Late failure detection can result in considerable resistance to ARVs, notably cross-resistance within the NRTI drug class. This can then hamper the effectiveness of standard second-line regimens comprised of a dual backbone of NRTIs and ritonavir-based protease inhibitor(PI) prevalent in resource-poor settings. Benefit would derive primarily from the boosted PI so patients would essentially be getting monotherapy, so lowering the barrier of PI resistance.

The objective of the PharmAccess African Studies to Evaluate Resistance Monitoring (PASER-M) multicentre prospective observational study of HIV-infected adults who get ART at 13 clinical sites in Kenya, Nigeria, South Africa, Uganda, Zambia and Zimbabwe is to look at the consequences of the use of clinical immunological criteria to determine treatment failure and guide treatment switching.

The authors undertook a cross-sectional analysis to look at how frequently unnecessary changes to second-line regimens were made, the patterns of resistance that developed in those on failing first-line ART and the risk factors for the accumulation of NRTI-associated mutations.

Participants were included if switched to second-line ART regardless of criteria to determine failure. Comparisons were made according to clinical-immunological failure in the absence of viral load testing (CIF only group) and CIF with local targeted viral load testing (targeted VL group). 

Definition of an unnecessary switch to second-line ART used three reference viral load cut-offs: <400 copies/ml; <1000 copies/ml; and the WHO recommended threshold of <5000 copies/ml.

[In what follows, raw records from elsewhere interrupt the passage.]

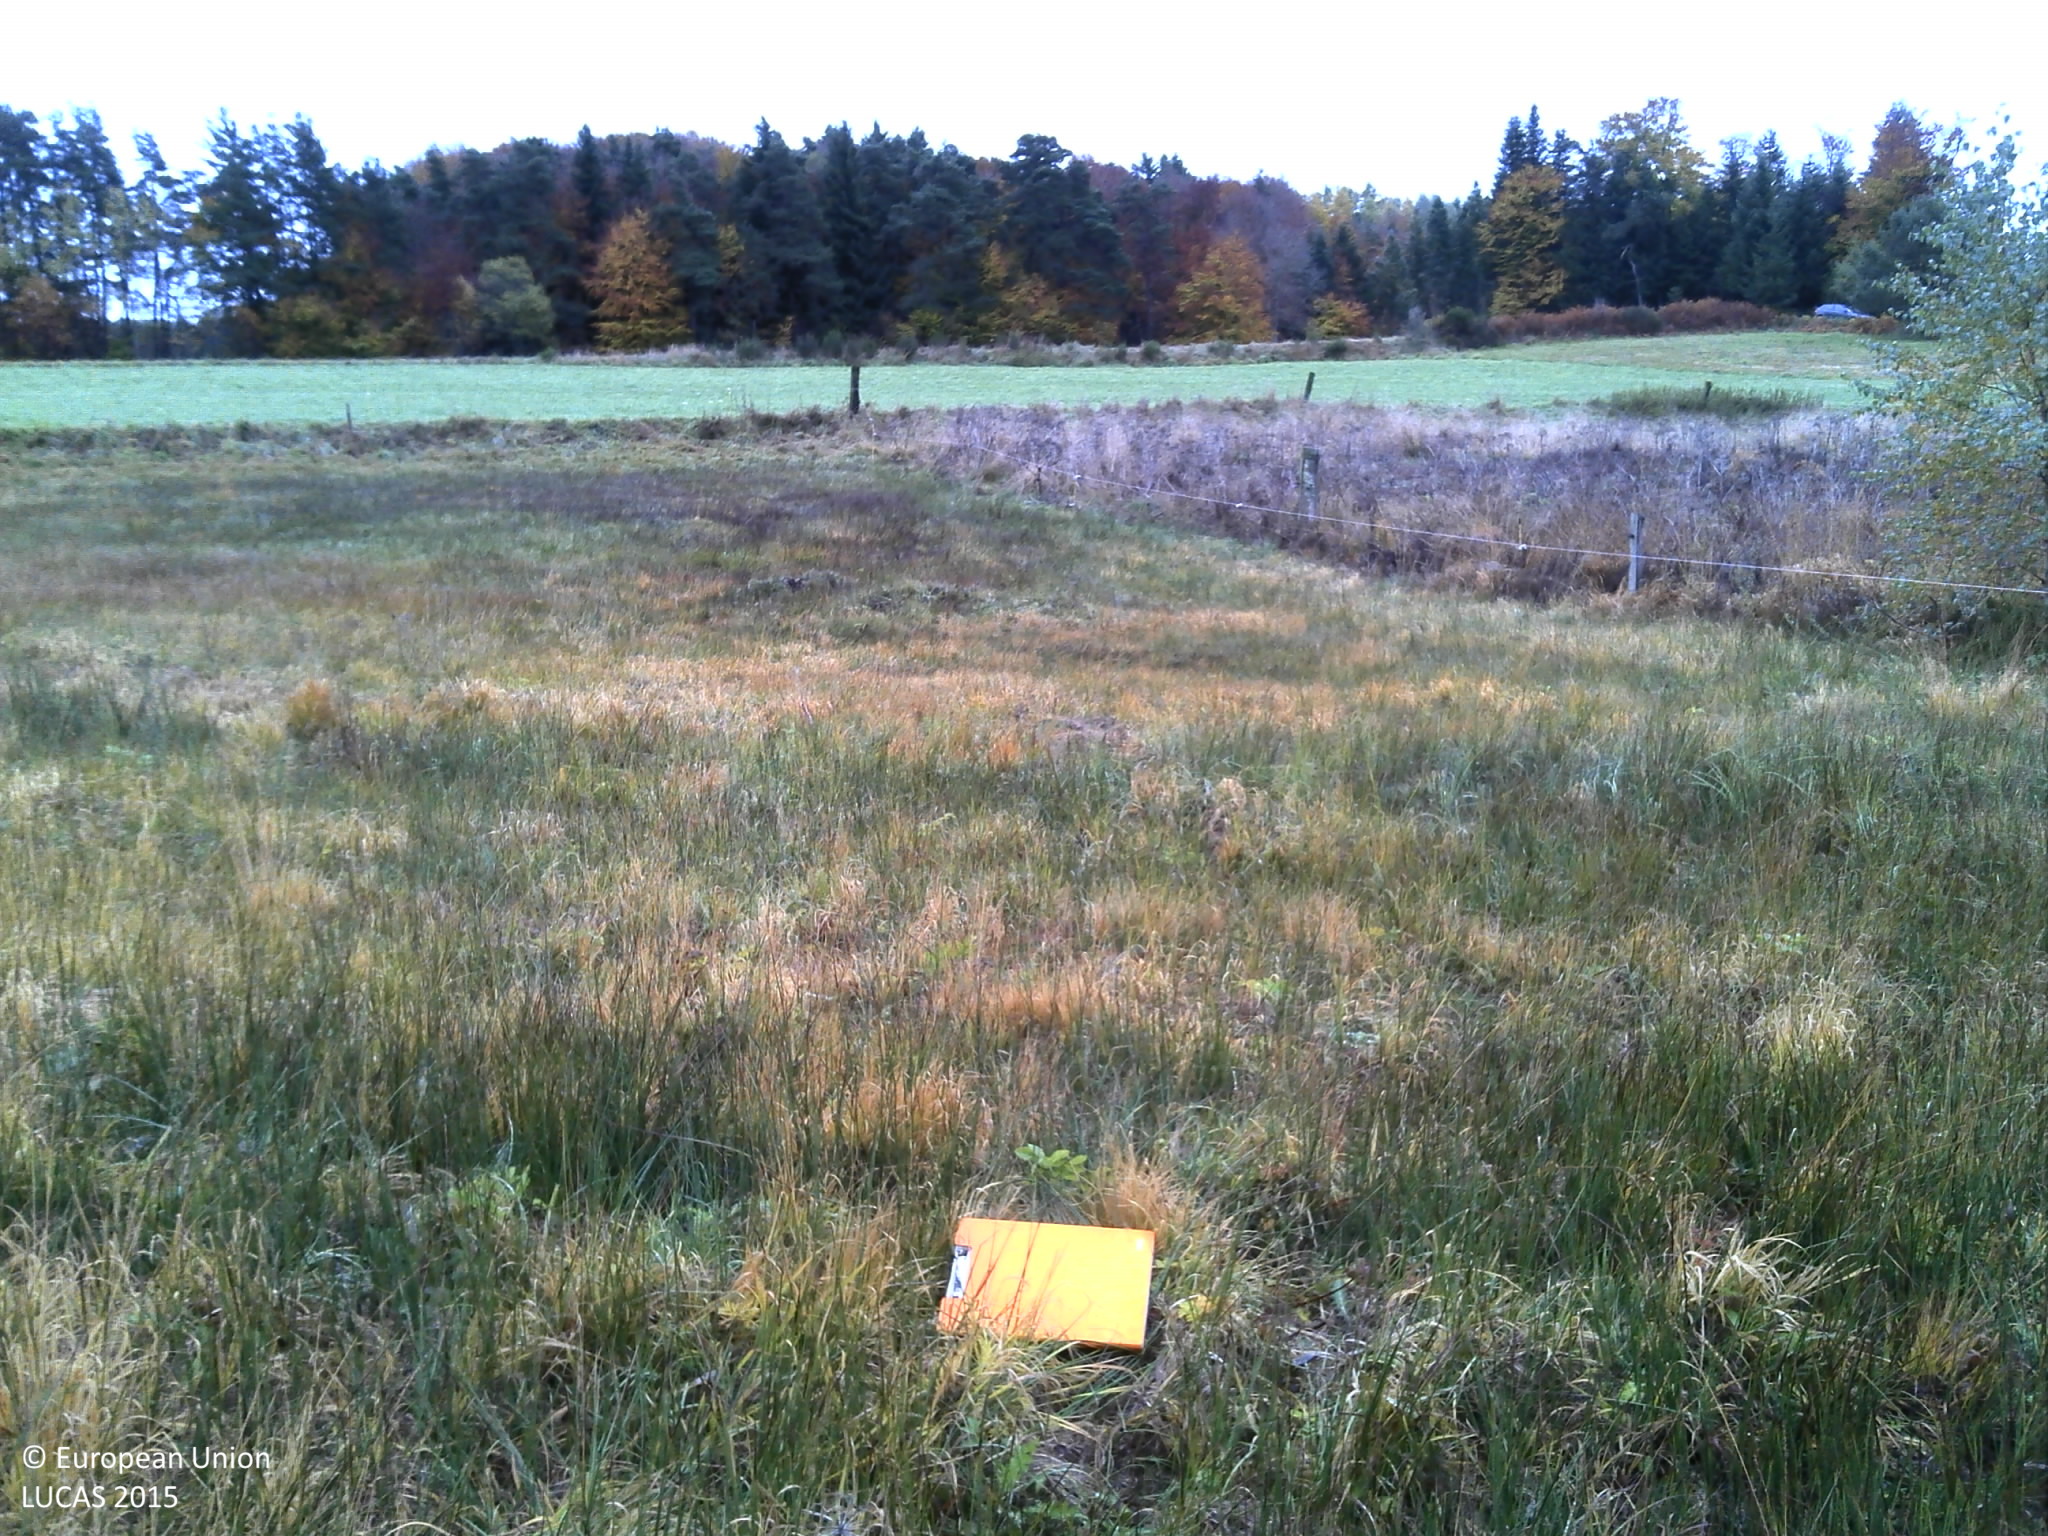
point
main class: Grassland
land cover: Grassland without tree/shrub cover
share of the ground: > 75 %
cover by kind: herbaceous plants 100 %
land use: Agriculture (excluding fallow land and kitchen gardens)
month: October
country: FR
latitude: 45.4143
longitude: 3.8310
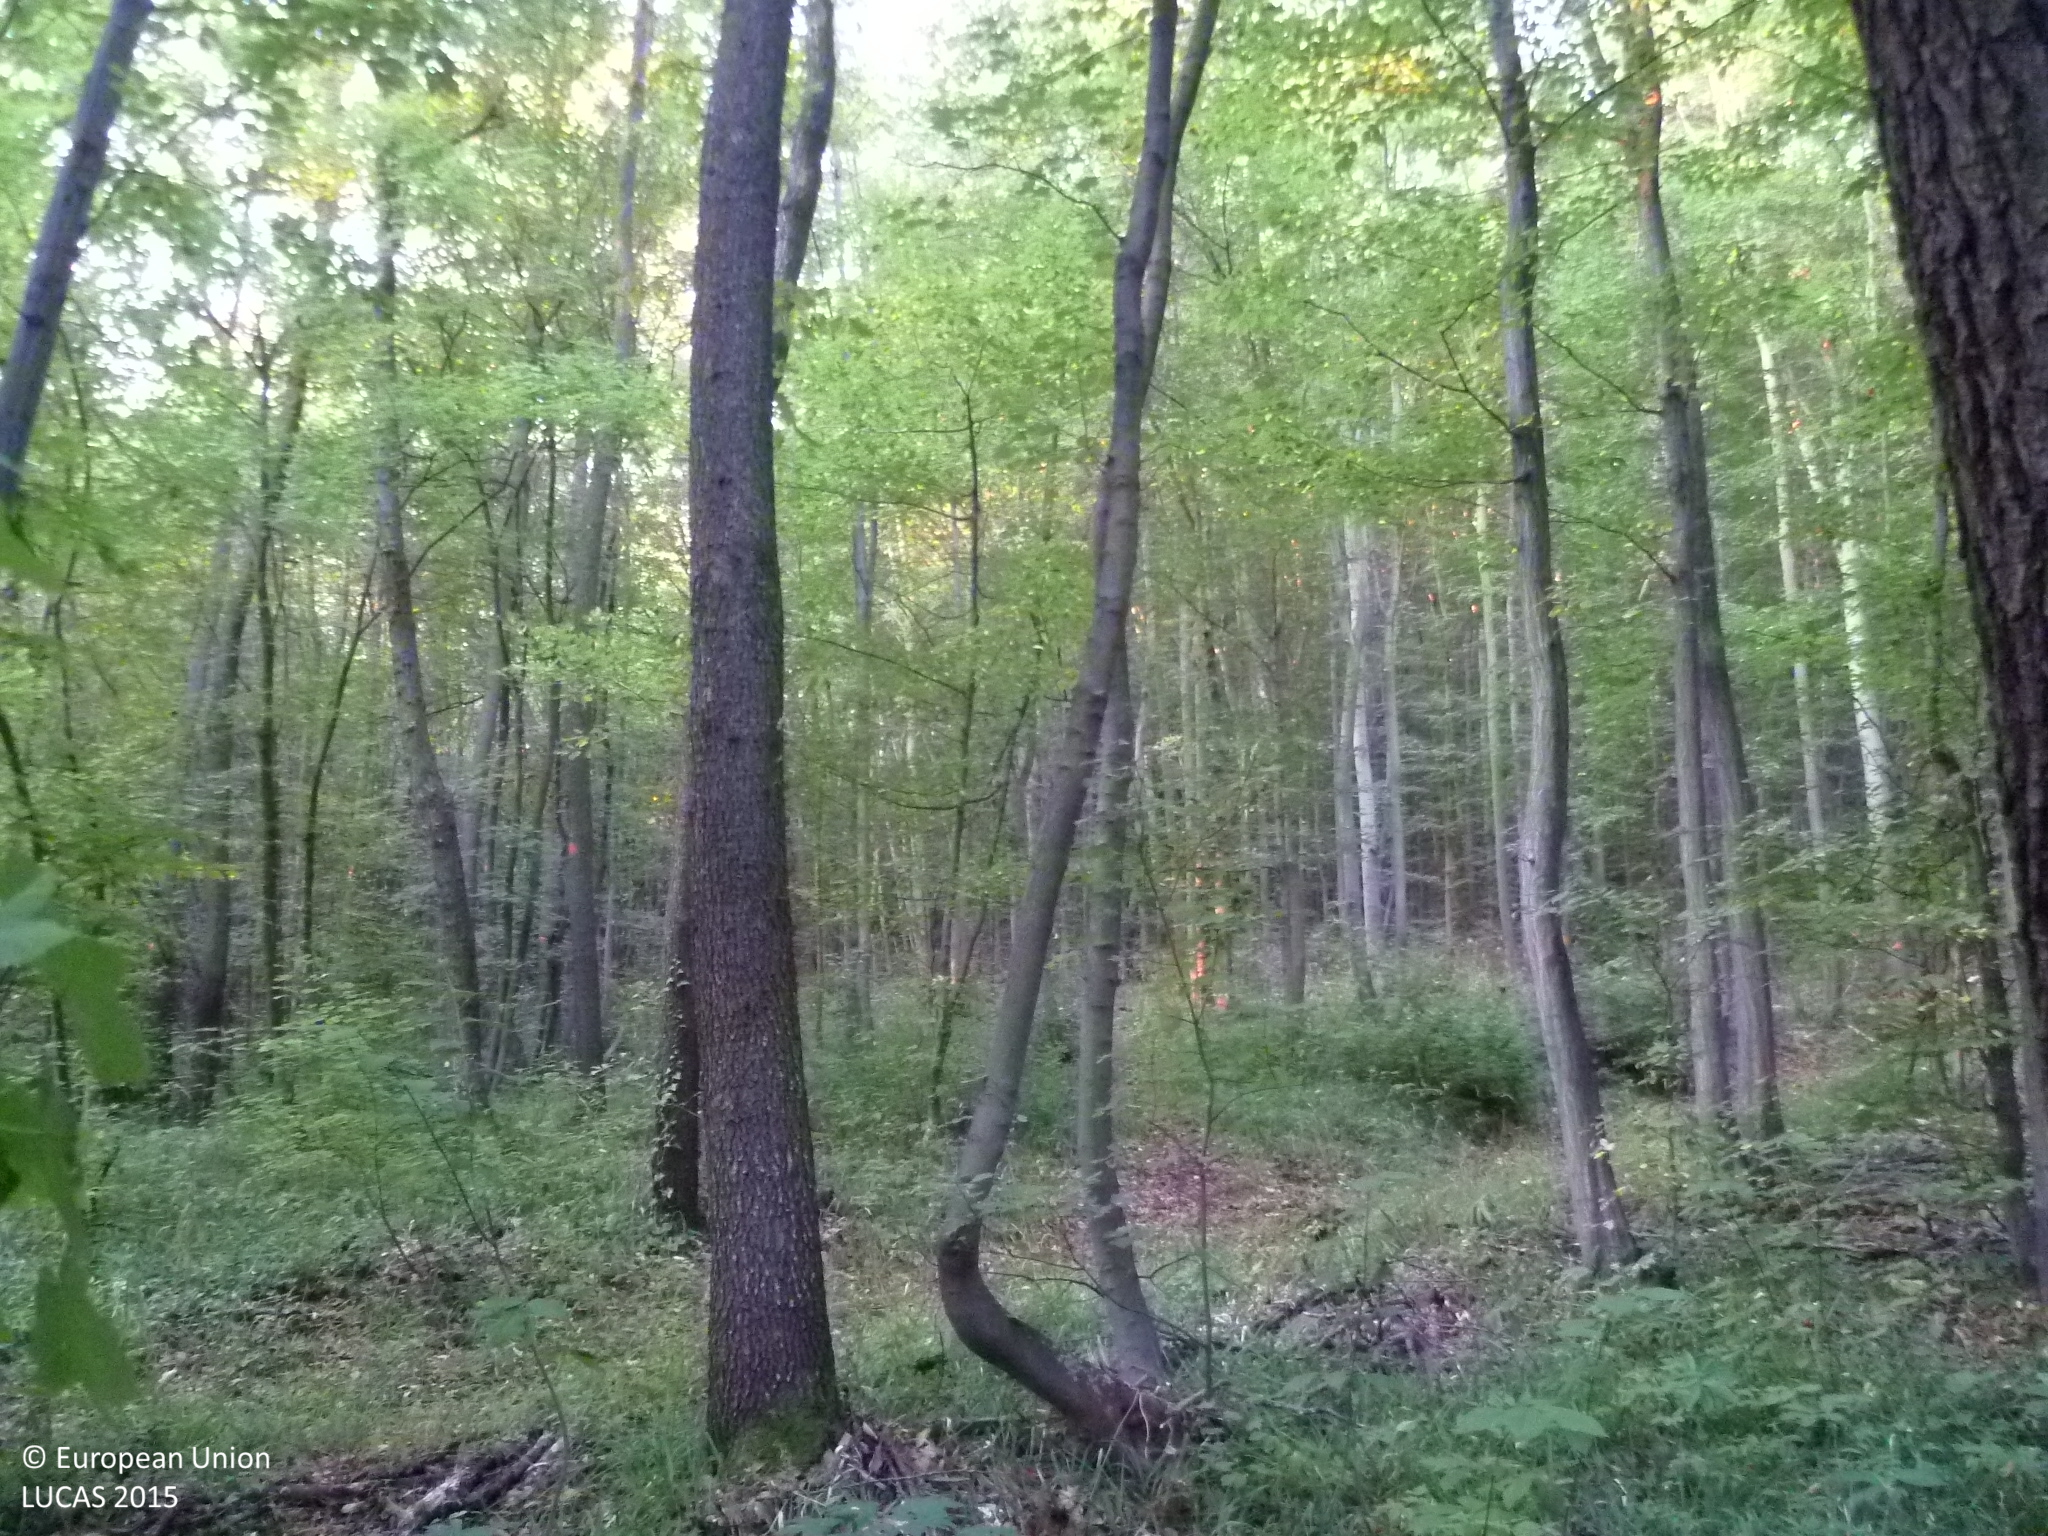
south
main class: Woodland
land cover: Broadleaved woodland
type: mesophytic deciduous forest
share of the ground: 50 - 75 %
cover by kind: broadleaved forest trees 65 %, herbaceous plants 30 %, shrubs 5 %
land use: Forestry
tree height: > 5 m
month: September
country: BG
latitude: 42.6666
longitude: 23.1723

NRTI cross-resistance was defined as the presence of ≥two TAMs, the TDF-associated mutations K65Ror K70E, or the Q151M complex.

Of the 250 patients with clinical immunological failure switched to second-line ART between March 2007 and September 2009 targeted viral load testing was used in 75% (186) and 25% (64) with CIF alone.

Median time on ART was 28.3 months and 25.3 months in the CIF alone and targeted VL groups, respectively.

At a viral load cut off of <1000 copies/ml 53 (21.2%) had unnecessary switches of which 30 (46.9%) were in the CIF alone group and 23 (12.4%) in the targeted VL group. At the more stringent cut-off of <400 copies/ml targeted viral load reduced unnecessary switches six-fold (46% compared to 8.6%, p<0.001).

Mutations associated with cross-resistance to NRTIs in 48% of the participants comprised multiple TAMs (37%), K65R (7.1%), K70E (3.3%) or Q151M (3.3%).

One of the major strengths of the study, note the authors, is it involves a large international sample of patients diagnosed with treatment failure at a diverse range of clinics representative of current clinical practice in a number of African ART programmes.

Their study “underscores the importance of targeted viral load testing to maximise the clinical benefits of first-line regimens and prevent unnecessary switches to expensive second-line ART”.  Late detection of treatment failure resulted in extensive cross-resistance to NRTIs limiting treatment options and impairing the effectiveness of [standard] second-line regimens.

The authors conclude “The development of more affordable, point of care viral load assays is a public health priority for resource-limited settings.”

References

Sigaloff KCE et al. Unnecessary antiretroviral treatment switches and accumulation of HIV resistance mutations; two arguments for viral load monitoring in Africa. JAIDS advance online edition, doi: 10.1097/QAI.0b013e318227fc34, 2011.